Leonardi L, Mori M
Ann Ig. 1989 May-Aug;1(3-4):717-27.
The Nicaraguan democratic government has been building, since the defeat of somozism in 1979, a very extensive and uniform health system in the whole country, giving special attention to the problems of prevention and health education, promoting and utilizing a wide participation of the population. The most emblematic representative of the Nicaraguan model of participation is the Brigadista Popular en Salud, a voluntary figure in urban and rural areas, working along side the Sole National Health System. The work and role of the Brigadista is integrated in a health education action defined "Educaciòn Popular en Salud", intended as a dialogue through which the educator and educated, beginning with the specific political and economical social reality, accomplish work of observation, analysis and syntesis of the different phenomena that deal with health-sickness. The Brigadista is a member of the community that works voluntarily for the community to carry out health actions, in coordination with the "Puesto de Salud" of the community.

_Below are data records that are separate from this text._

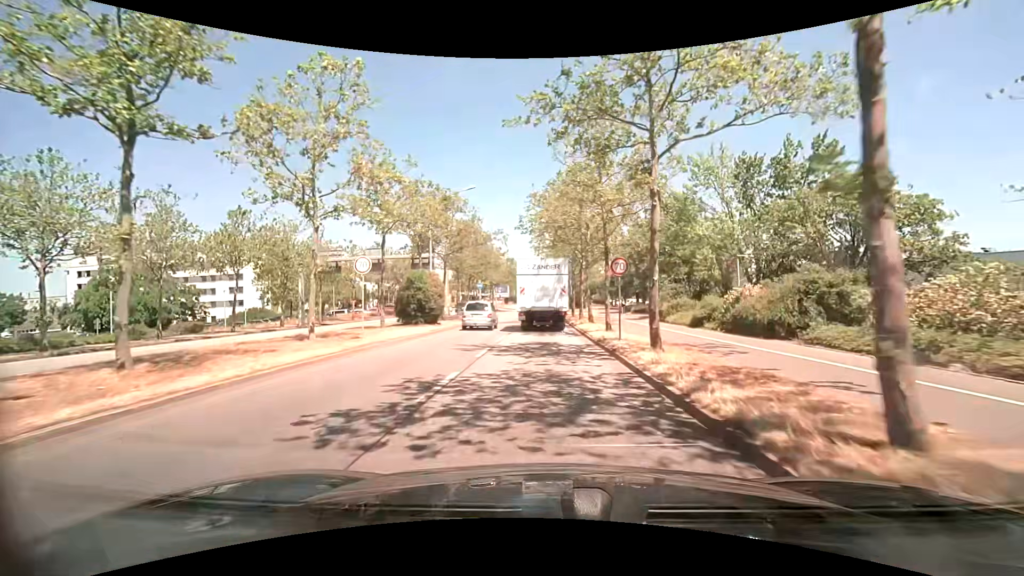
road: primary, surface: asphalt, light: Day
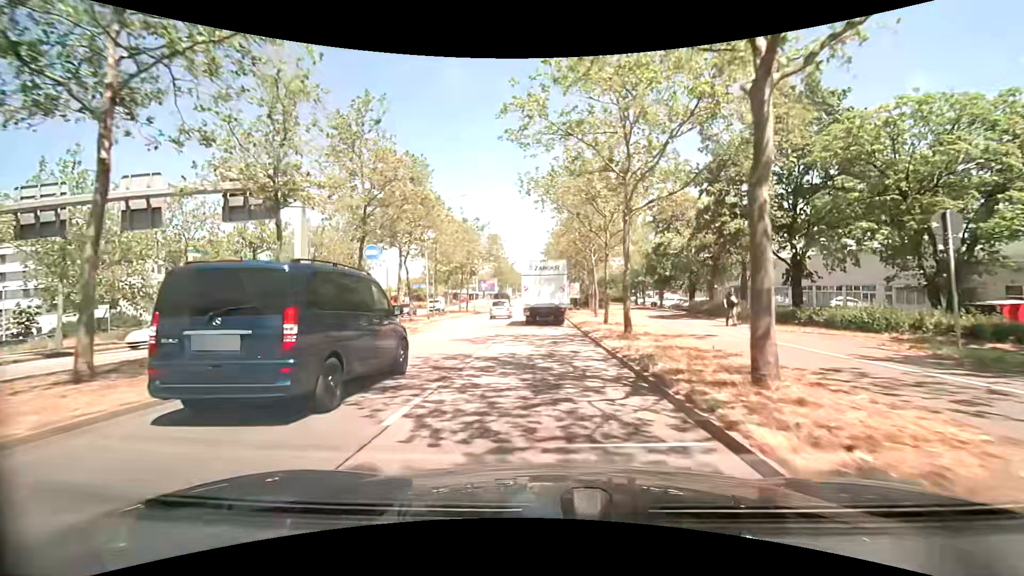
(+0.1, +31.3) m; 0°
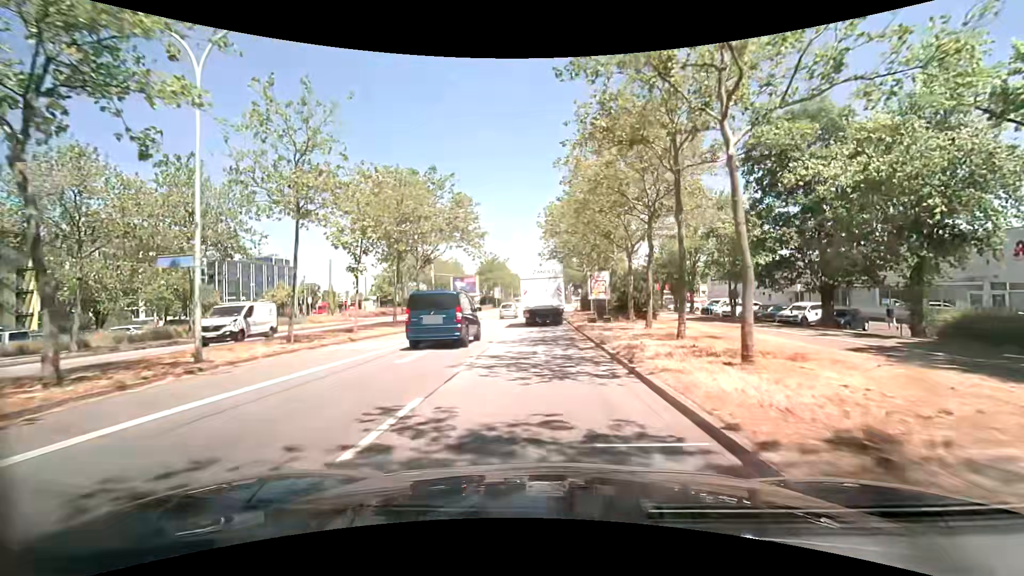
(+0.1, +25.3) m; +1°
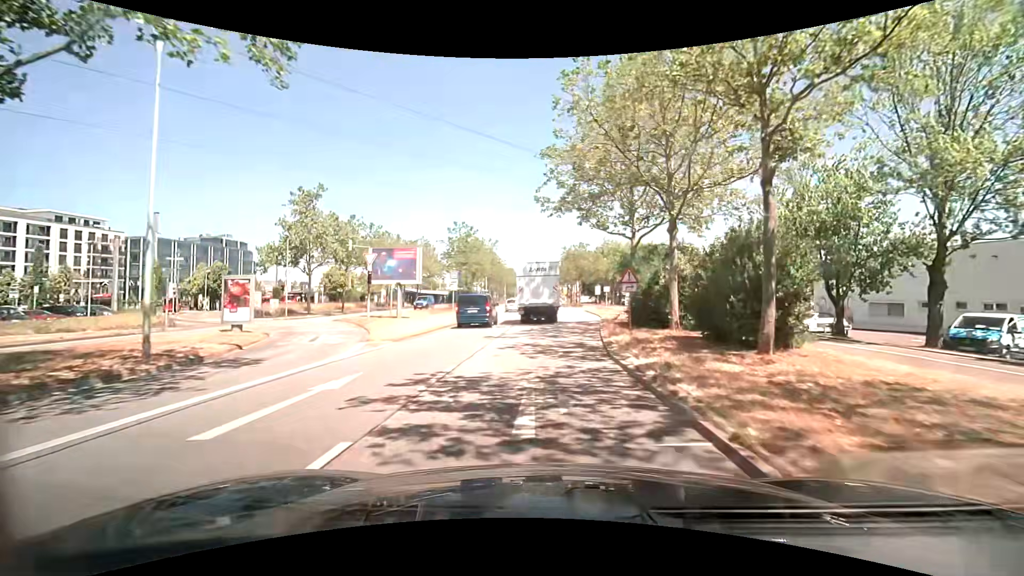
(0.0, +32.2) m; -1°
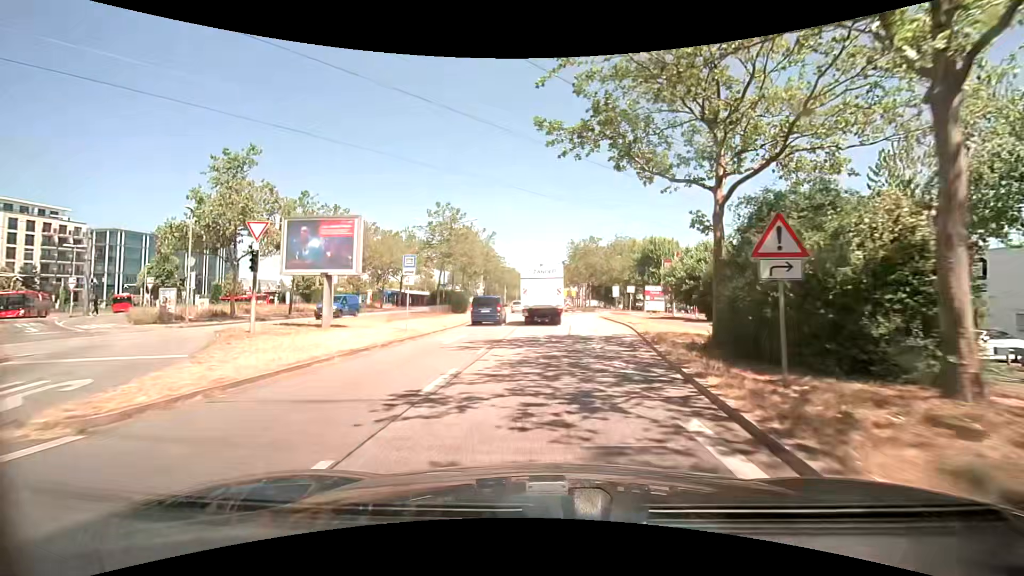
(0.0, +12.6) m; 0°
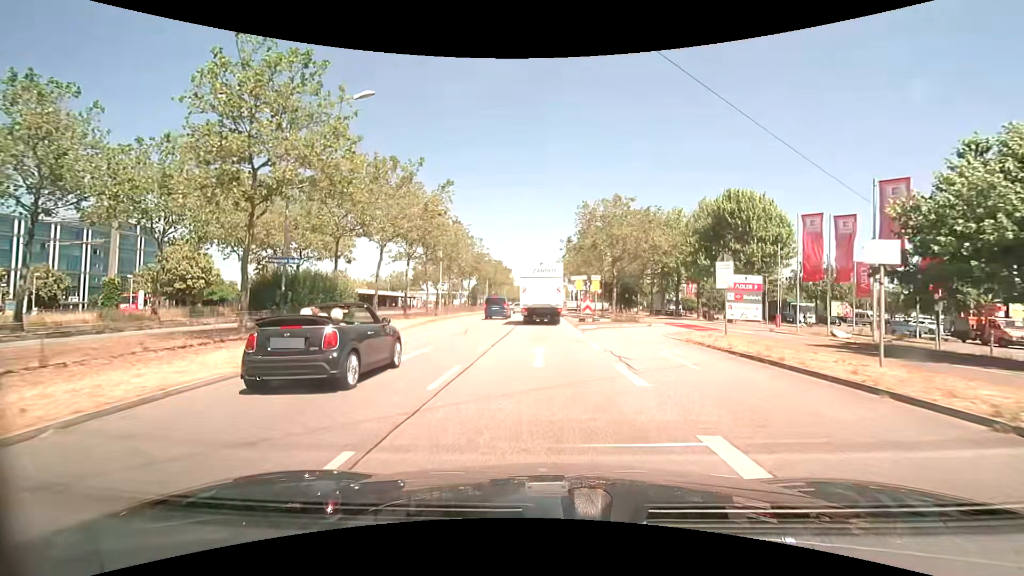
(0.0, +30.7) m; +1°
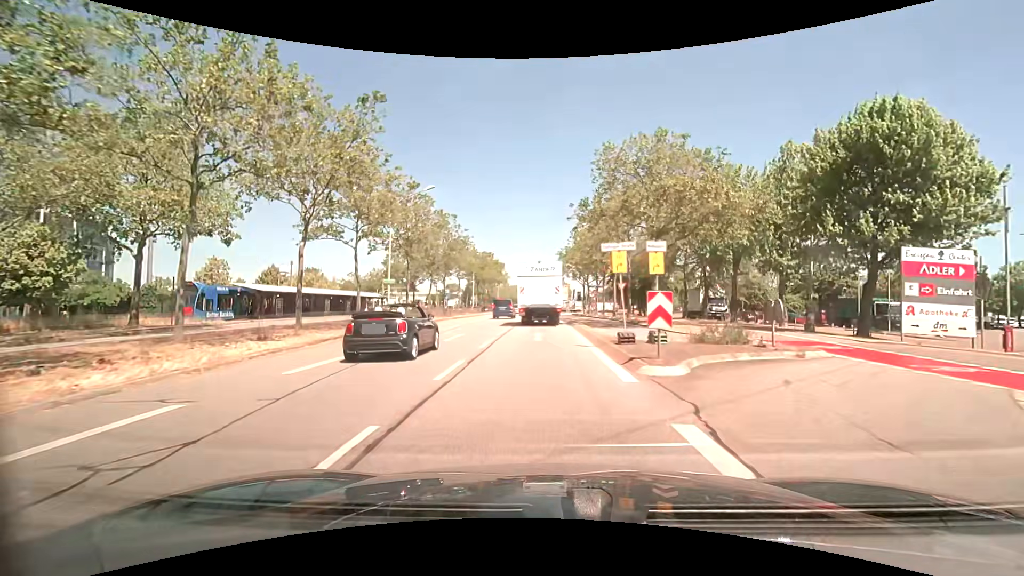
(0.0, +17.5) m; 0°
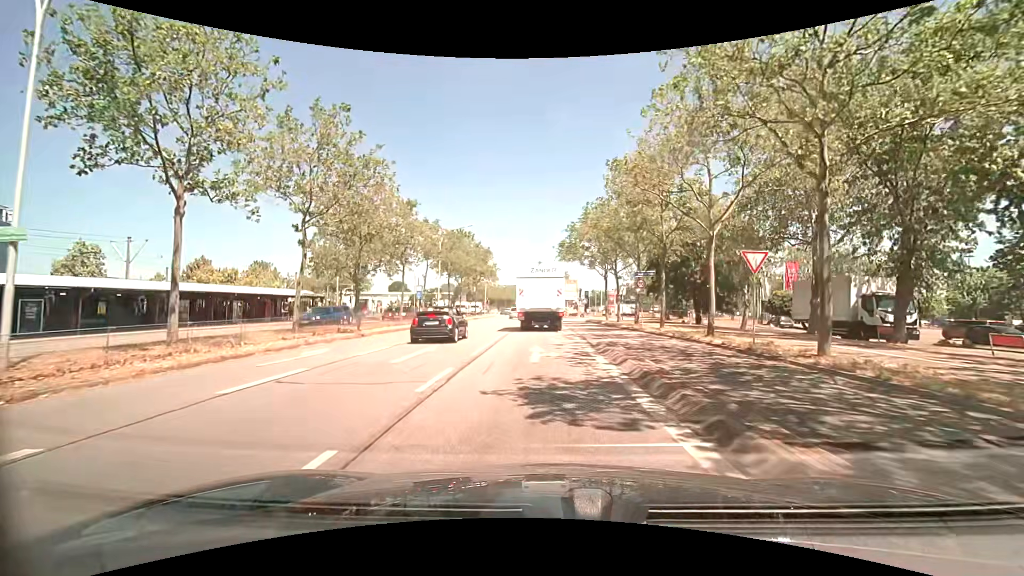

The authors refer to a research study done in the field in 1987, geared to study the profile, role and activities of the Brigadista. The research was done in the "Las Segovias" Region, in the Northern part of the country, in two Health Areas, involving three urban centers and six rural communities: 73 Brigadistas were interviewed, of which 50 (predetermined) of urban centers and 23 (total population) in rural communities. The article represents in a comparative manner the operative Brigadista respectively, in urban areas on the one hand and in rural areas on the other. The article examines: sex; age; schooling; work activity; social-cultural background; collective systems background; participation in Literacy Campaigns; motivation; length and continuity of activities; relationship with the territory; activities done. The Brigadista that works in rural areas seems actually to be more attached, even to the formal image of his role, that the urban Brigadista. This is shown by the reduced turn-over, the wider span of functions, the closer relationship with collective systems that represent categories, a more intense relationship with colleagues of the health system as well as with other Brigadistas, the operative reference to specificity defined territories, more continuity in the functions of the Brigadista Popular en Salud.
自1979年索摩查主义被击败以来,尼加拉瓜民主政府一直在全国建立一个非常广泛且统一的卫生系统,特别关注预防和健康教育问题,促进并利用民众的广泛参与。尼加拉瓜参与模式最具代表性的是“大众健康促进员”,这是一个在城乡地区的志愿角色,与唯一的国家卫生系统并肩工作。大众健康促进员的工作和角色融入了一项名为“大众健康教育”的健康教育行动中,该行动旨在通过对话,使教育者和受教育者从特定的政治、经济社会现实出发,对涉及健康与疾病的不同现象进行观察、分析和综合。大众健康促进员是社区成员,自愿为社区工作,与社区的“卫生站”协调开展健康行动。作者提及了1987年在该领域进行的一项研究,旨在研究大众健康促进员的概况、角色和活动。该研究在该国北部的“拉斯塞戈维亚斯”地区的两个卫生区进行,涉及三个城市中心和六个农村社区:采访了73名大众健康促进员,其中城市中心50名(预定数量),农村社区23名(总人口)。本文以比较的方式分别呈现了城市地区和农村地区的在职大众健康促进员。文章考察了:性别;年龄;受教育程度;工作活动;社会文化背景;集体系统背景;参与扫盲运动情况;动机;活动时长和连续性;与所在地区的关系;所开展的活动。在农村地区工作的大众健康促进员似乎实际上比城市大众健康促进员更执着于其角色的正式形象。这体现在人员流动率较低、职能范围更广、与代表不同类别的集体系统关系更紧密、与卫生系统同事以及其他大众健康促进员的关系更密切、对特定地区的实际参考、大众健康促进员职能的更多连续性。